Russian companies have been using more yuan to facilitate the increased trade with China. Russian banks have also conducted more transactions in yuan to protect them from sanction risks, according to Kireeva.
The yuan’s share of the Russian foreign currency market jumped to 48% by November 2022 from less than 1% in January, according to Russian media, citing the head of the Moscow Exchange.
Russia briefly became the world’s third largest offshore trading hub for the yuan last July, behind Hong Kong and the United Kingdom, according to figures released by SWIFT. Since then, it has remained one of the top six markets for trading yuan — it wasn’t even in the top 15 before the Ukraine war.
Russia’s financial ministry has also doubled the share of yuan reserves the country’s sovereign wealth fund can hold to 60%, after a big chunk of its savings were frozen by international sanctions, according to Reuters.
Finance Minister Anton Siluanov has said that Russia would only buy yuan in 2023 to refill the country’s sovereign wealth fund, Tass reported.
“Of all foreign currencies that the Russian [central] bank had its reserves in, it is only Chinese yuan that was not frozen and remains a ‘friendly’ one,” said Kireeva.
“We are likely to see further de-dollarization of Russia’s foreign trade in general and [an] increasing share of trade in national currencies with all states that are friendly or neutral to Moscow.”
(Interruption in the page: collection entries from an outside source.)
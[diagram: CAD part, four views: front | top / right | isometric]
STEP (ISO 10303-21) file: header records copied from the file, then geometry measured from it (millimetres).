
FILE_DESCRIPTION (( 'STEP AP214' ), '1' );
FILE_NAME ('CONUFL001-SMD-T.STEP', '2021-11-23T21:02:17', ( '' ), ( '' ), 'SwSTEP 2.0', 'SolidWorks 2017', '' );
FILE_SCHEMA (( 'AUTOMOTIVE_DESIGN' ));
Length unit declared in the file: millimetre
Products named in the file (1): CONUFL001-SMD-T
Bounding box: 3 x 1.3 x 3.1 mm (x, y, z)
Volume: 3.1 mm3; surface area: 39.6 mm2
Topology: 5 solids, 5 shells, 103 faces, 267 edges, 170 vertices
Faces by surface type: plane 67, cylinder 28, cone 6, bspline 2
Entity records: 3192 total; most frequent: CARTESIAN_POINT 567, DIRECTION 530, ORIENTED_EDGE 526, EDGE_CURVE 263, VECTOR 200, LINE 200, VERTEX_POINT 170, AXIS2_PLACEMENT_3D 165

With more yuan reserves, Moscow is able to use the Chinese currency to stabilize the ruble and its financial markets. The ruble has plunged by more than 40% against the euro and the dollar in the past year, and the main Russian stock index has fallen by more than a third.
Last month, Russia’s financial ministry announced it would resume foreign exchange interventions by selling yuan and buying rubles.
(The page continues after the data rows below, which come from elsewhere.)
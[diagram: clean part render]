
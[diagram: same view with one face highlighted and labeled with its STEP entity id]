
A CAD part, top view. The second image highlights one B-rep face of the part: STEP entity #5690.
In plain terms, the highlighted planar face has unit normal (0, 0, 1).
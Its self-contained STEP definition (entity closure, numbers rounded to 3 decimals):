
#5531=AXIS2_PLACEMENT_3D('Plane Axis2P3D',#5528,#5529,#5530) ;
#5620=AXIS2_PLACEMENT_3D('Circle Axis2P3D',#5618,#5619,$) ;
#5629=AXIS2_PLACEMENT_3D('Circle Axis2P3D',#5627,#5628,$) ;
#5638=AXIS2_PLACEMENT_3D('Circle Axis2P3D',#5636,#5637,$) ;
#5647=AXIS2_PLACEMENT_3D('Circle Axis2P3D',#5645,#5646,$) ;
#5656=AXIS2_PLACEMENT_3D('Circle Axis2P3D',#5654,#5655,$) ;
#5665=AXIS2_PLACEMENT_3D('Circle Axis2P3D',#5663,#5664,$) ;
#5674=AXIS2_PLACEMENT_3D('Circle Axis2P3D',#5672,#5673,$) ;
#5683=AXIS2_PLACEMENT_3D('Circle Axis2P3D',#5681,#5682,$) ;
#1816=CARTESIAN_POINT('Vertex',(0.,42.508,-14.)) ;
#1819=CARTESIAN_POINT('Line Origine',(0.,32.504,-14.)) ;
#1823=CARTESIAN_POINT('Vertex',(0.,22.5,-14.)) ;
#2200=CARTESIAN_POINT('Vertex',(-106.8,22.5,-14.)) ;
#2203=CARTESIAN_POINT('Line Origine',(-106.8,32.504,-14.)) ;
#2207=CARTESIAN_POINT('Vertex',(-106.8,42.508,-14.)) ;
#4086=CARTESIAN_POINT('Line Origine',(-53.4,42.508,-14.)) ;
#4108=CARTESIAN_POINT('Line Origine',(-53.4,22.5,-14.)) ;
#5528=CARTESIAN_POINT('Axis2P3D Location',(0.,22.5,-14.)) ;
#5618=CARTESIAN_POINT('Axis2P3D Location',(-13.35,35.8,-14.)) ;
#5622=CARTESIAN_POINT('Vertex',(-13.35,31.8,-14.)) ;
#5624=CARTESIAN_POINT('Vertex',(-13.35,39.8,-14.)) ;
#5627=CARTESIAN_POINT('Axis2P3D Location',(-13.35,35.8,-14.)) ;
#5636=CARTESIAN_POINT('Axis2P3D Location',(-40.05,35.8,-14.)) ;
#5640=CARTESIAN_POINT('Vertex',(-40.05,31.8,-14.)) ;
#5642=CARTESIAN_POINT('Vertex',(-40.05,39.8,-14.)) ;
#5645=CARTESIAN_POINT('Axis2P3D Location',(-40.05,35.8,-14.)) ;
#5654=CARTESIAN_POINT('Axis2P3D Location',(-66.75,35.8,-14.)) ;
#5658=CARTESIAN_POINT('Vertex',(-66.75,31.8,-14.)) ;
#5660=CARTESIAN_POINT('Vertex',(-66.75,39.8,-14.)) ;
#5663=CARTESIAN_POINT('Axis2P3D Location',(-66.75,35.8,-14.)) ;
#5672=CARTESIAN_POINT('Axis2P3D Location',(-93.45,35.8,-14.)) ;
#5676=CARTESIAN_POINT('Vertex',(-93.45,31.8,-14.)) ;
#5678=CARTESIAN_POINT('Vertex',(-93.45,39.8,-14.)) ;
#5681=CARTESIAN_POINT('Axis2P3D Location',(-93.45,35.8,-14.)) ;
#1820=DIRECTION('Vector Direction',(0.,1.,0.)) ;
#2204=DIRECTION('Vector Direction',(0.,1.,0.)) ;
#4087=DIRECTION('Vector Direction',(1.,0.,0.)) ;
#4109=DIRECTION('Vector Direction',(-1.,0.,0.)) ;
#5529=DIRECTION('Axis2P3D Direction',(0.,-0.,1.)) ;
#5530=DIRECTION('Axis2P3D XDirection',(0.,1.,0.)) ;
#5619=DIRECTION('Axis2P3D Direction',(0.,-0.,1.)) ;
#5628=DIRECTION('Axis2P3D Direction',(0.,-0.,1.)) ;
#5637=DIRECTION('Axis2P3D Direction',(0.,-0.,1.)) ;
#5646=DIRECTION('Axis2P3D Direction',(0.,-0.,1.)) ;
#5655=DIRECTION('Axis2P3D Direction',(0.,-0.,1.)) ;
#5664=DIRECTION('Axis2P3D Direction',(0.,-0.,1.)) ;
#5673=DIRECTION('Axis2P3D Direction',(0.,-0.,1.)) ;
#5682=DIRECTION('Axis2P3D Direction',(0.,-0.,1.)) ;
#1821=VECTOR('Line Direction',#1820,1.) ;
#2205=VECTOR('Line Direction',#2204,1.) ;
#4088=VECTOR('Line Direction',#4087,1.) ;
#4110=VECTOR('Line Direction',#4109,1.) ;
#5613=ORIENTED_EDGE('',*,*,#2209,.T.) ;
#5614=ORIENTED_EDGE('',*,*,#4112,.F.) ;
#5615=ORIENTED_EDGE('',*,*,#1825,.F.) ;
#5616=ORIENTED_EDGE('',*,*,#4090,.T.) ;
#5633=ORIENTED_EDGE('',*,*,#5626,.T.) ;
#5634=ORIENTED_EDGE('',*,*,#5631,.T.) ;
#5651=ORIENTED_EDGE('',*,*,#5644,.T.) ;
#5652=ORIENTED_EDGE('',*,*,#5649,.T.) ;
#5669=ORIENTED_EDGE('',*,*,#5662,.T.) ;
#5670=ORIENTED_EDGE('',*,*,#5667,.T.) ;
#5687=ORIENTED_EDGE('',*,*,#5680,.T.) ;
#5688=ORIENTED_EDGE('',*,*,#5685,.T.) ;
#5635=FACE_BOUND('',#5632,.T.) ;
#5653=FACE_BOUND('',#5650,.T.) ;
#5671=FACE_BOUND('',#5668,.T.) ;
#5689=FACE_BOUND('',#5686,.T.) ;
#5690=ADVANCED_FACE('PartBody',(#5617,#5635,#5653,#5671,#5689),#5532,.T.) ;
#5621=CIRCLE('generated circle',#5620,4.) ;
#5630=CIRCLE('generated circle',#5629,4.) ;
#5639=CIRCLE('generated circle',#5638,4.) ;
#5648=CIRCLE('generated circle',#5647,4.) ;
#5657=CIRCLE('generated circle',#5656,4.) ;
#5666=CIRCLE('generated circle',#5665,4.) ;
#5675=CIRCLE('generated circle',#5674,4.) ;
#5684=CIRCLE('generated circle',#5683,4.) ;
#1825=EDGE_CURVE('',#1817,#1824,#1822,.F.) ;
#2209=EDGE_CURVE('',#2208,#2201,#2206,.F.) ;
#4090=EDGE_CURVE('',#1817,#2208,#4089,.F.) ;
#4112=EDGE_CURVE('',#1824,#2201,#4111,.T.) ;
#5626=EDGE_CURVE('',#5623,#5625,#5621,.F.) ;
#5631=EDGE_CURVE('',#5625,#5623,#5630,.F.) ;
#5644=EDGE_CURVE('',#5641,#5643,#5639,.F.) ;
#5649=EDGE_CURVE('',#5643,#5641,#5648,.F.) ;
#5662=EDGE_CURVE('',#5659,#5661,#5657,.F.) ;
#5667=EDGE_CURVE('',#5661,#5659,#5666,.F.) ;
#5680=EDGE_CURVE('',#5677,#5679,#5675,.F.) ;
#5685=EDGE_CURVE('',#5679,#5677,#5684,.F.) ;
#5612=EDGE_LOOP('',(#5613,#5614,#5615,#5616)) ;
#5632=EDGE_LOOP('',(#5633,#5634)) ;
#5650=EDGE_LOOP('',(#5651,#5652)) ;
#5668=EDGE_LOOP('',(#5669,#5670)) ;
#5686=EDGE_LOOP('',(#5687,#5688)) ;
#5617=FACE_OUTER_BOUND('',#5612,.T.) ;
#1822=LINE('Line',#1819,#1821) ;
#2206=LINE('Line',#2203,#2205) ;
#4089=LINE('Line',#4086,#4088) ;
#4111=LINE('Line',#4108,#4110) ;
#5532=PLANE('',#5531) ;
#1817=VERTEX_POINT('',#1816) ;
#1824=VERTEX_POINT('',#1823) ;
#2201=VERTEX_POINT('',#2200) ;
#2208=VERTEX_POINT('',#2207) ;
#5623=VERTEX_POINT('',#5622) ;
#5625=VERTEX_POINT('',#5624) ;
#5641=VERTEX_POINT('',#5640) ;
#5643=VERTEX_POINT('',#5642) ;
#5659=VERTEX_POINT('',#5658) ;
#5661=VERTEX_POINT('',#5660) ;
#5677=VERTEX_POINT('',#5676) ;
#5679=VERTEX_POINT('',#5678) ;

However, the relationship is not entirely frictionless.
UnionPay, the Chinese payments system, has reportedly stopped accepting cards issued by Russian banks over fears of international sanctions, according to Russian paper Kommersant.
“Large Chinese businesses are wary about secondary sanctions and are cautious about dealing with the Russian entities under sanctions or with the Russian market in general,” Kireeva said.